ACTIVITY →
Return the data below exactly, minus the pictures.

Extracted records
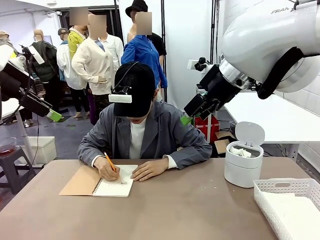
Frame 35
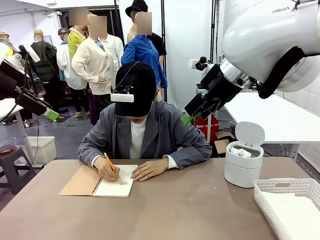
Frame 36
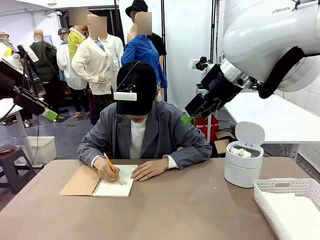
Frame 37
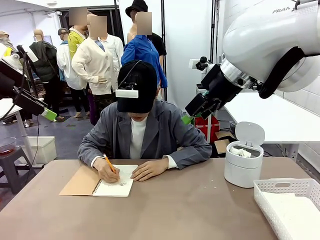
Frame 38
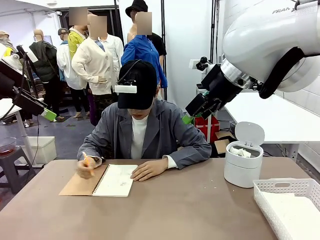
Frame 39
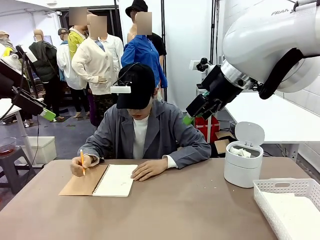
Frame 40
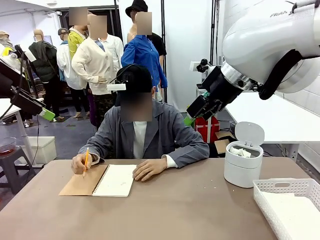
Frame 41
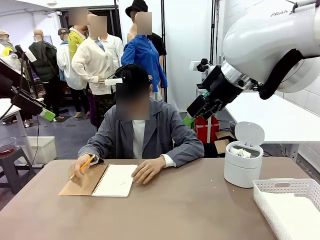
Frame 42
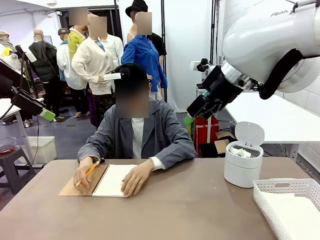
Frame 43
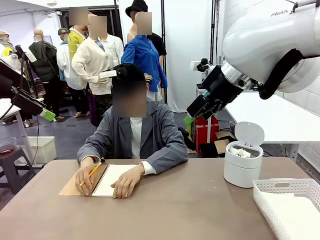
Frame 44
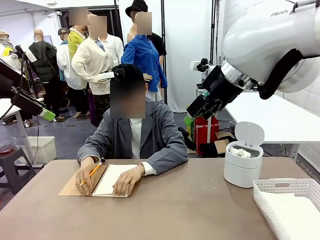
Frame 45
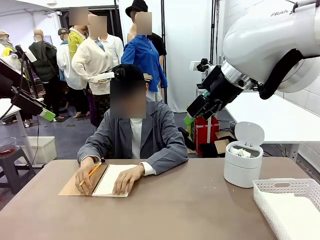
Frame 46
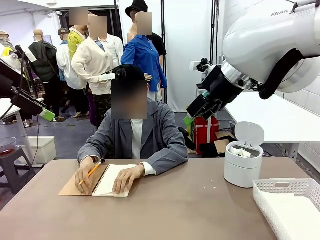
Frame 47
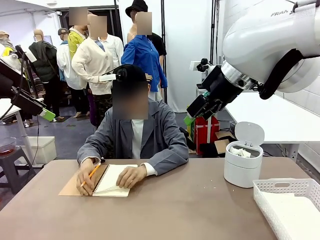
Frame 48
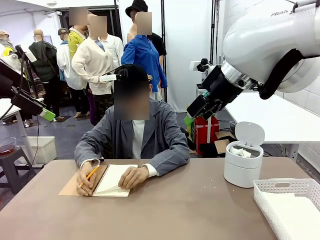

TASK RESULT →
Frame 35
Frame 36
Frame 37
Frame 38
Frame 39
Frame 40
Frame 41
Frame 42
Frame 43
Frame 44
Frame 45
Frame 46
Frame 47
Frame 48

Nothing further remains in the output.